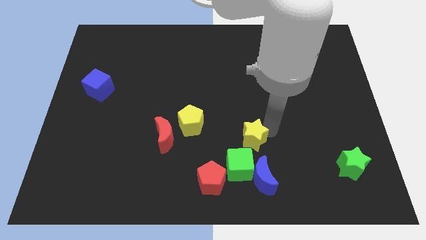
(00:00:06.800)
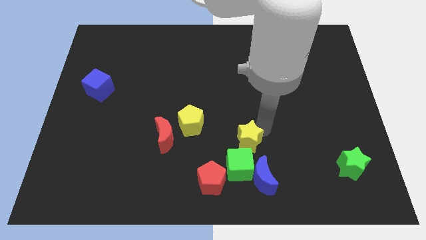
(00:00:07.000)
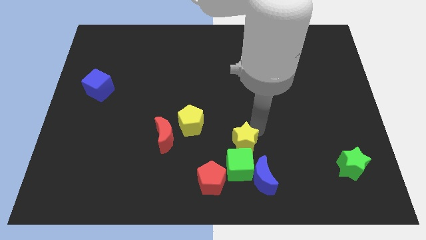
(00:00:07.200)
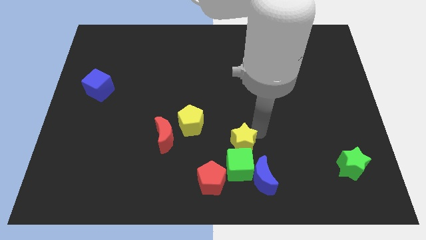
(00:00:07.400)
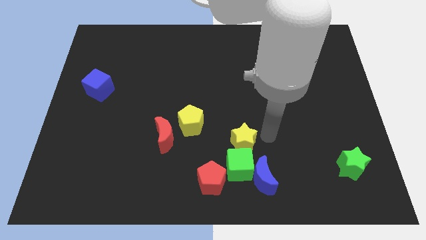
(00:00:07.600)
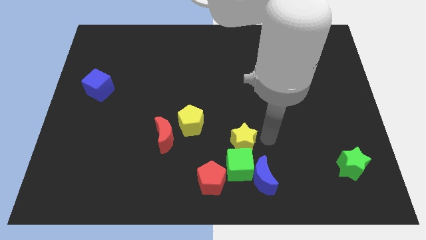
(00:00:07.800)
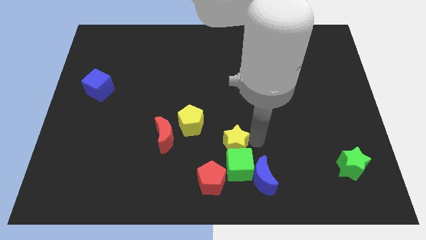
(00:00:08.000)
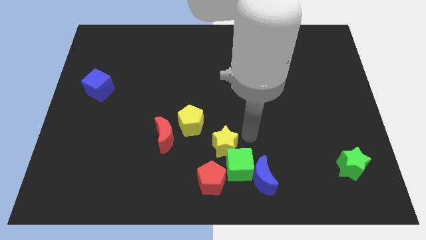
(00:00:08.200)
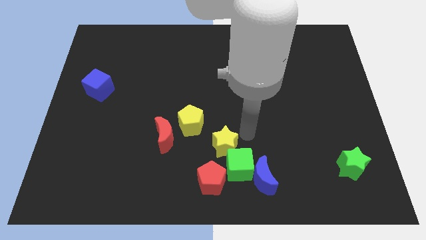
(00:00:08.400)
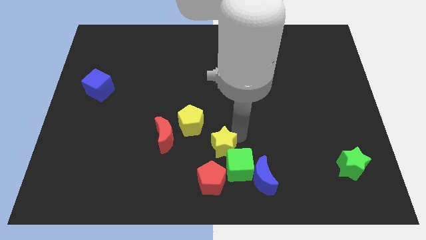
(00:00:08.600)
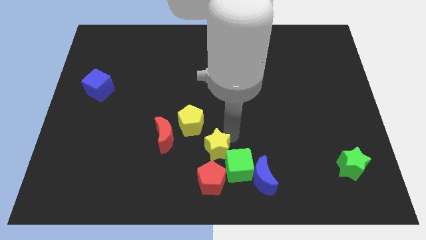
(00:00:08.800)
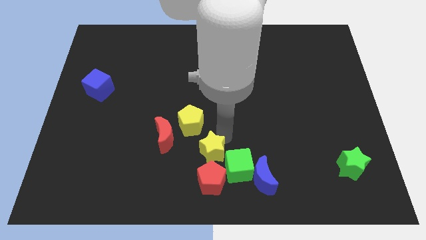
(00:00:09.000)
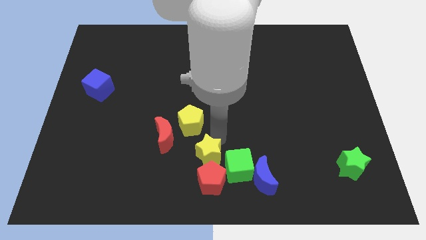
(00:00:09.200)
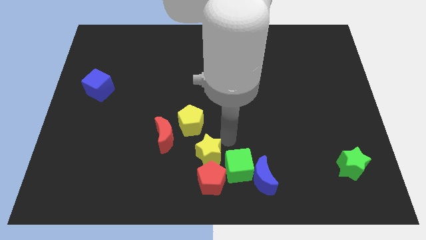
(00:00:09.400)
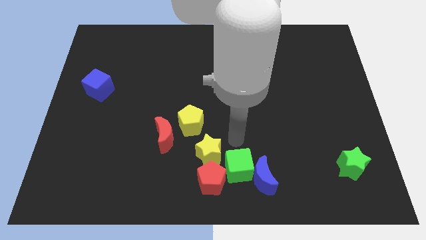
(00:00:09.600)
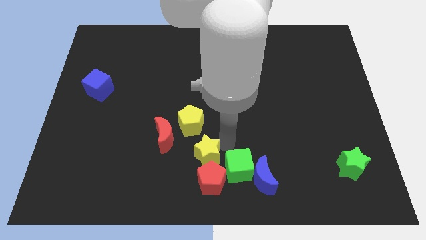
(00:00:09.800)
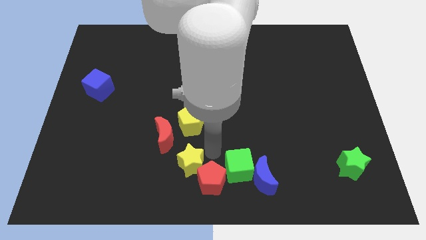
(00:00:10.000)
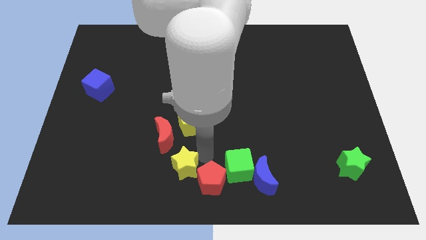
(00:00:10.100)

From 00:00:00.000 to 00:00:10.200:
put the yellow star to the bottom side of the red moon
_____
WORK TO COMPLETE | Copy the entire listing exactly but skip the pictures.

TASK ANSWER |
(00:00:06.800)
(00:00:07.000)
(00:00:07.200)
(00:00:07.400)
(00:00:07.600)
(00:00:07.800)
(00:00:08.000)
(00:00:08.200)
(00:00:08.400)
(00:00:08.600)
(00:00:08.800)
(00:00:09.000)
(00:00:09.200)
(00:00:09.400)
(00:00:09.600)
(00:00:09.800)
(00:00:10.000)
(00:00:10.100)

From 00:00:00.000 to 00:00:10.200:
put the yellow star to the bottom side of the red moon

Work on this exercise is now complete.